* [Given records]:
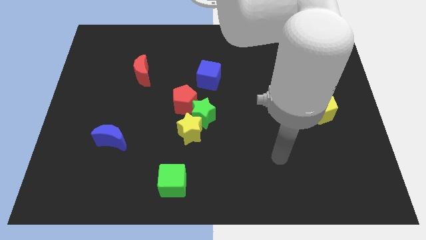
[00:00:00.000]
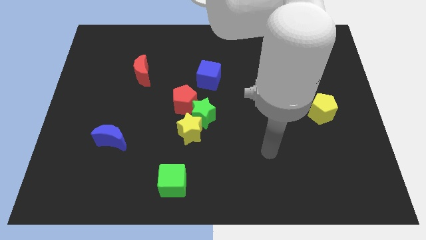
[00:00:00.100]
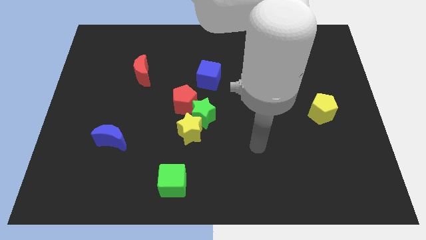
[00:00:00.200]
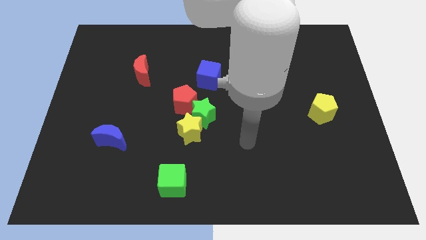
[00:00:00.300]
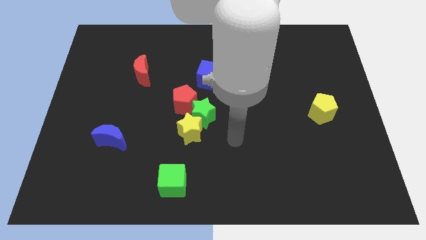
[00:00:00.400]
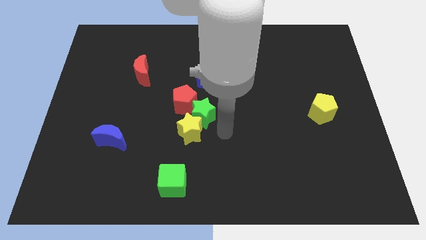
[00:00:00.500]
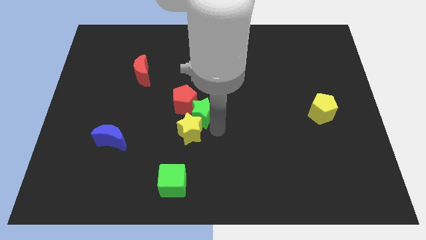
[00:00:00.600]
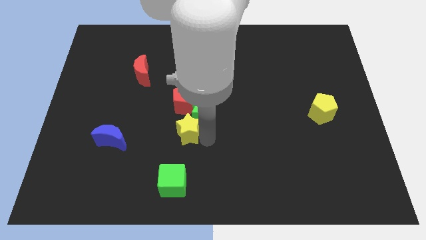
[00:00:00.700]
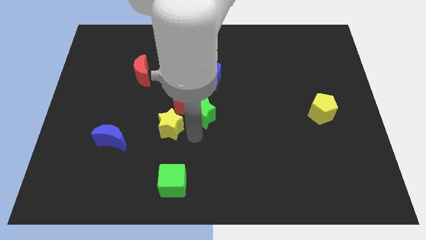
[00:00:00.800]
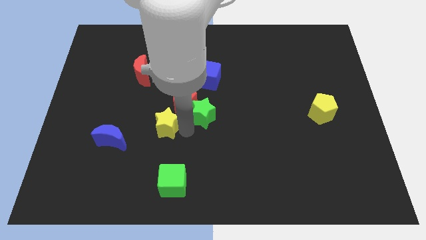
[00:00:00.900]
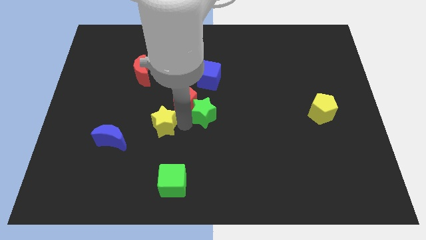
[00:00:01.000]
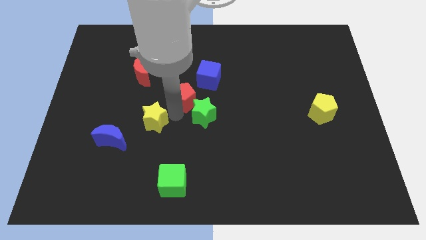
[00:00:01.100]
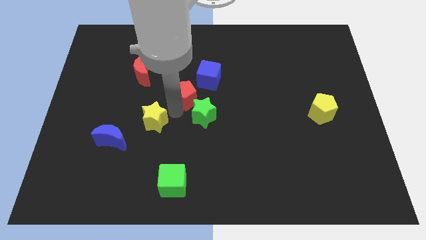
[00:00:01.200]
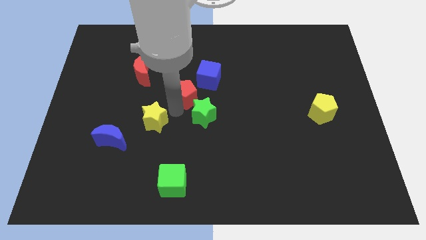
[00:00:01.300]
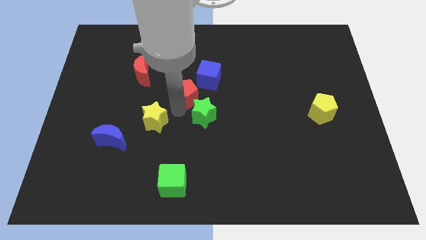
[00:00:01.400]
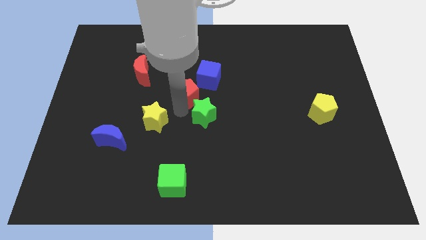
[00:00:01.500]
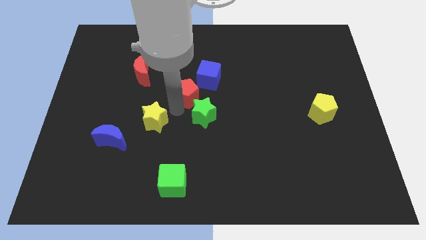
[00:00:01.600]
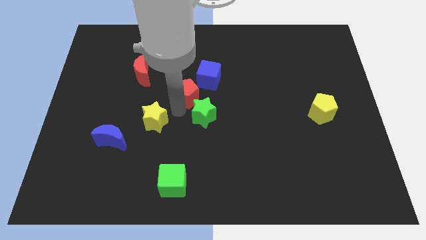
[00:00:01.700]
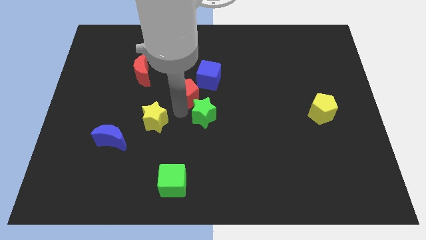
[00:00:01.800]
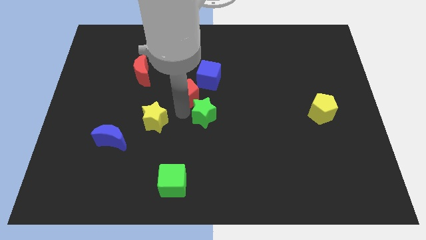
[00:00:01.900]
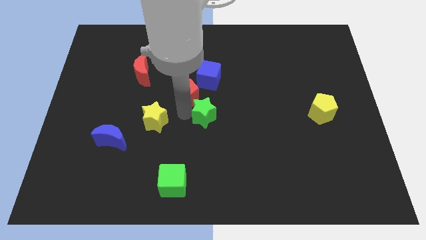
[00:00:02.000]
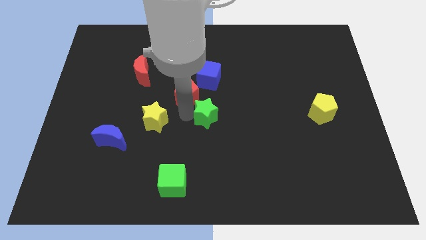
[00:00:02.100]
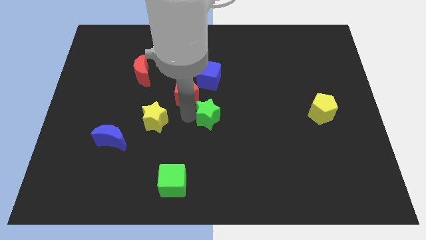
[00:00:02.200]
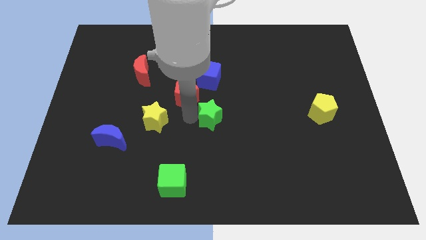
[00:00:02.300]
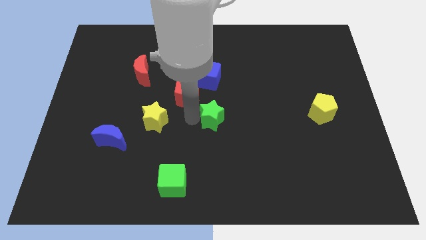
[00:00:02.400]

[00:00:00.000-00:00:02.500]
pull the green star apart from the yellow star and red pentagon

* [Activity]: Once the line with "[00:00:02.000]" is found, write out that line and every later line of the listing above exactly, through the last one, and skip any pictures.

* [Answer to this task]:
[00:00:02.000]
[00:00:02.100]
[00:00:02.200]
[00:00:02.300]
[00:00:02.400]

[00:00:00.000-00:00:02.500]
pull the green star apart from the yellow star and red pentagon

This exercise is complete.